Problem statement:
A word-for-word copy is needed of the line containing "Postkommis, von in Fort" and every line after it through the end of the records below, leaving out all pictures.

------

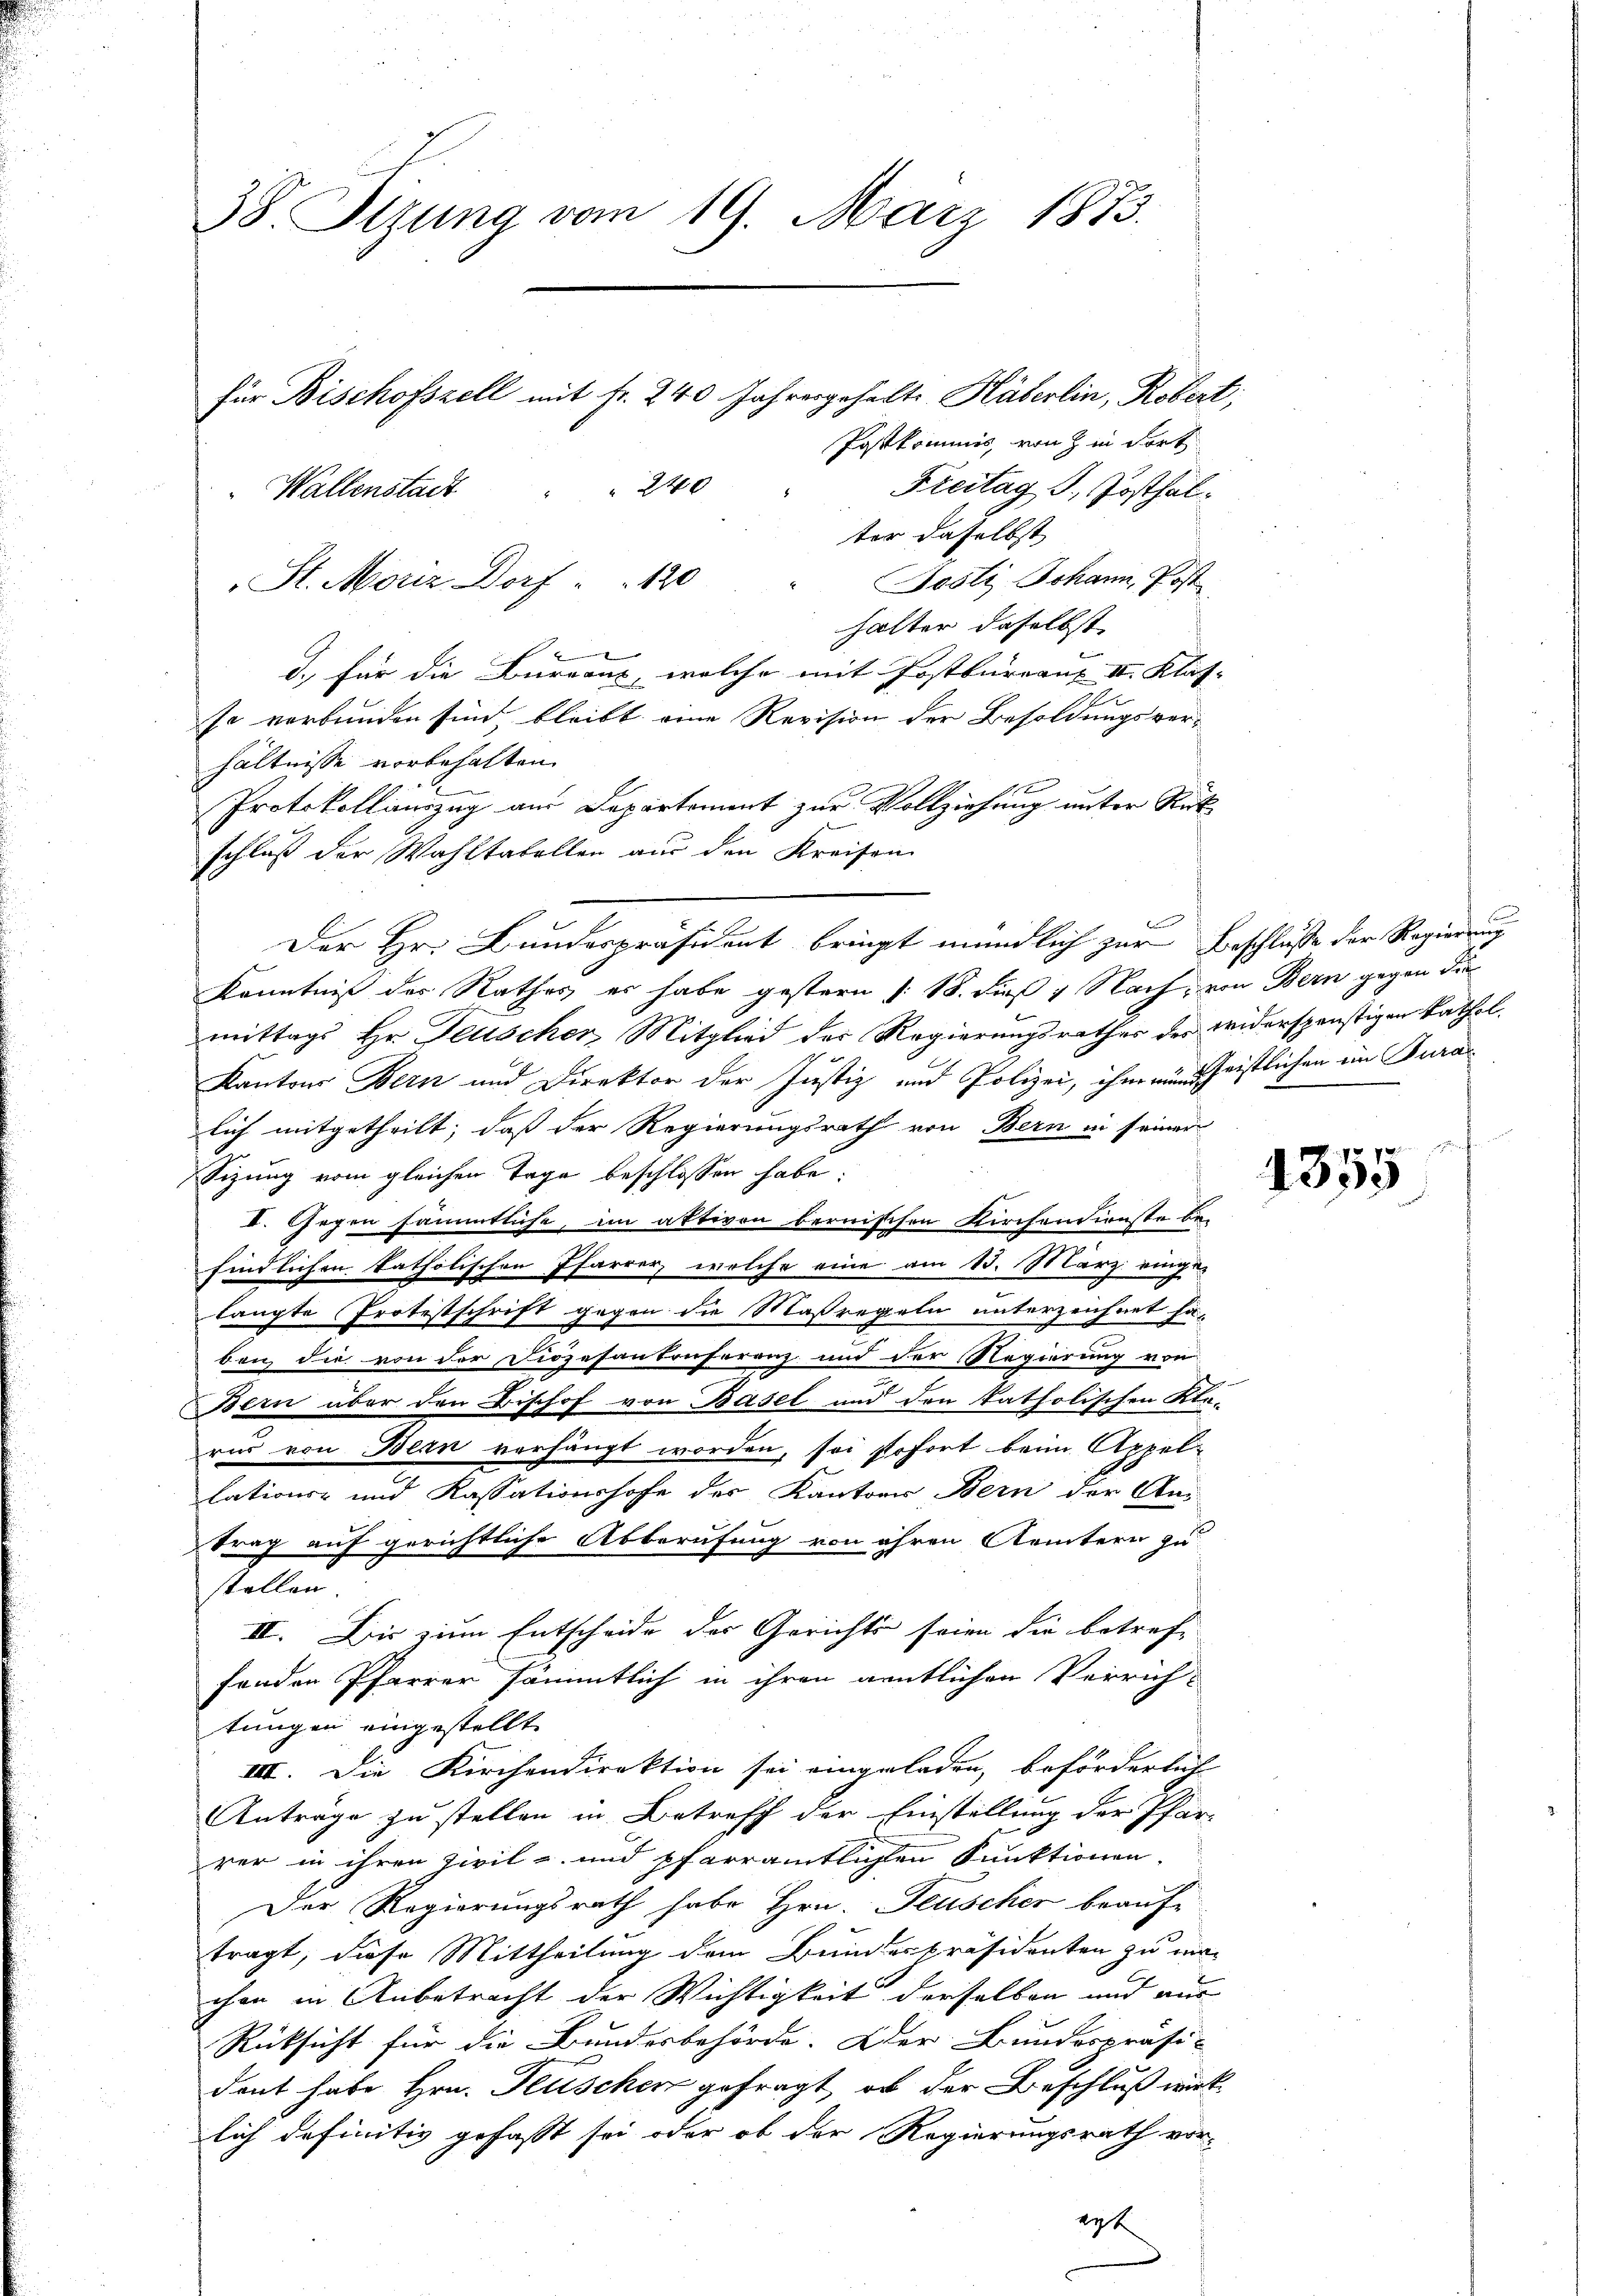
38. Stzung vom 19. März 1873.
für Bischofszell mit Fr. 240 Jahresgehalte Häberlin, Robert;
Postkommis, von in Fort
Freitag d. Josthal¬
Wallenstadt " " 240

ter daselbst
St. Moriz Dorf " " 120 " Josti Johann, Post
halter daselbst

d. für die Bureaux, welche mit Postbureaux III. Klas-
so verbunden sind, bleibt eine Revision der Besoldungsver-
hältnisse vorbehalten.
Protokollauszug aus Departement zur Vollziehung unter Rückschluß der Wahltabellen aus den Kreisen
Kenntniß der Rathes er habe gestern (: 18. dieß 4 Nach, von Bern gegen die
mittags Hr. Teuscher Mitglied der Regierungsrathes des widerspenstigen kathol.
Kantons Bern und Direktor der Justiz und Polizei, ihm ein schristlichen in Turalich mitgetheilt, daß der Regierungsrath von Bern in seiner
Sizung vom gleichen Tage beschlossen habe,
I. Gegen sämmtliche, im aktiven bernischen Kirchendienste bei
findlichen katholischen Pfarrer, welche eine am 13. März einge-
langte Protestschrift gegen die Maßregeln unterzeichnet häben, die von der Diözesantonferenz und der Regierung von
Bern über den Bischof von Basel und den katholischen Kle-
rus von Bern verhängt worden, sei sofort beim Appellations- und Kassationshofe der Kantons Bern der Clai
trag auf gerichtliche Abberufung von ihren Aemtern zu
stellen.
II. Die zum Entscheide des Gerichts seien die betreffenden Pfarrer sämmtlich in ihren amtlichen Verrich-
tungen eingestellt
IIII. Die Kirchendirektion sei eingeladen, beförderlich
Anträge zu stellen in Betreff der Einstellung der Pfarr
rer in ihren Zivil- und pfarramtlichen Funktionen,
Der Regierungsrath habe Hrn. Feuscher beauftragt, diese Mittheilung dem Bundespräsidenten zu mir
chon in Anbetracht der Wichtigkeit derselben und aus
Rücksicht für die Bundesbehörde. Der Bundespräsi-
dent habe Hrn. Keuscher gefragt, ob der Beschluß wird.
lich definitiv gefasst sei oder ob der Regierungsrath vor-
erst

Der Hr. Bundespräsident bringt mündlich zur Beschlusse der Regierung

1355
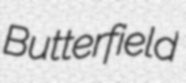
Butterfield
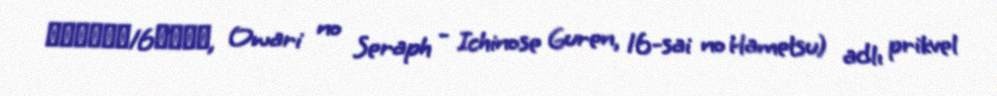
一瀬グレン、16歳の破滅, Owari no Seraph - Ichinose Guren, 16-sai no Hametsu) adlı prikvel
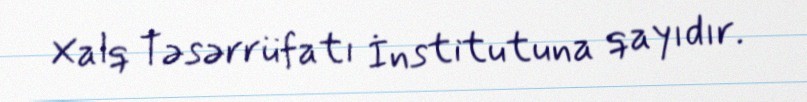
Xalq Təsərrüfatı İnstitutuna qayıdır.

------

Response area:
Postkommis, von in Fort
Freitag d. Josthal¬
Wallenstadt " " 240

ter daselbst
St. Moriz Dorf " " 120 " Josti Johann, Post
halter daselbst

d. für die Bureaux, welche mit Postbureaux III. Klas-
so verbunden sind, bleibt eine Revision der Besoldungsver-
hältnisse vorbehalten.
Protokollauszug aus Departement zur Vollziehung unter Rückschluß der Wahltabellen aus den Kreisen
Kenntniß der Rathes er habe gestern (: 18. dieß 4 Nach, von Bern gegen die
mittags Hr. Teuscher Mitglied der Regierungsrathes des widerspenstigen kathol.
Kantons Bern und Direktor der Justiz und Polizei, ihm ein schristlichen in Turalich mitgetheilt, daß der Regierungsrath von Bern in seiner
Sizung vom gleichen Tage beschlossen habe,
I. Gegen sämmtliche, im aktiven bernischen Kirchendienste bei
findlichen katholischen Pfarrer, welche eine am 13. März einge-
langte Protestschrift gegen die Maßregeln unterzeichnet häben, die von der Diözesantonferenz und der Regierung von
Bern über den Bischof von Basel und den katholischen Kle-
rus von Bern verhängt worden, sei sofort beim Appellations- und Kassationshofe der Kantons Bern der Clai
trag auf gerichtliche Abberufung von ihren Aemtern zu
stellen.
II. Die zum Entscheide des Gerichts seien die betreffenden Pfarrer sämmtlich in ihren amtlichen Verrich-
tungen eingestellt
IIII. Die Kirchendirektion sei eingeladen, beförderlich
Anträge zu stellen in Betreff der Einstellung der Pfarr
rer in ihren Zivil- und pfarramtlichen Funktionen,
Der Regierungsrath habe Hrn. Feuscher beauftragt, diese Mittheilung dem Bundespräsidenten zu mir
chon in Anbetracht der Wichtigkeit derselben und aus
Rücksicht für die Bundesbehörde. Der Bundespräsi-
dent habe Hrn. Keuscher gefragt, ob der Beschluß wird.
lich definitiv gefasst sei oder ob der Regierungsrath vor-
erst

Der Hr. Bundespräsident bringt mündlich zur Beschlusse der Regierung

1355
Butterfield
一瀬グレン、16歳の破滅, Owari no Seraph - Ichinose Guren, 16-sai no Hametsu) adlı prikvel
Xalq Təsərrüfatı İnstitutuna qayıdır.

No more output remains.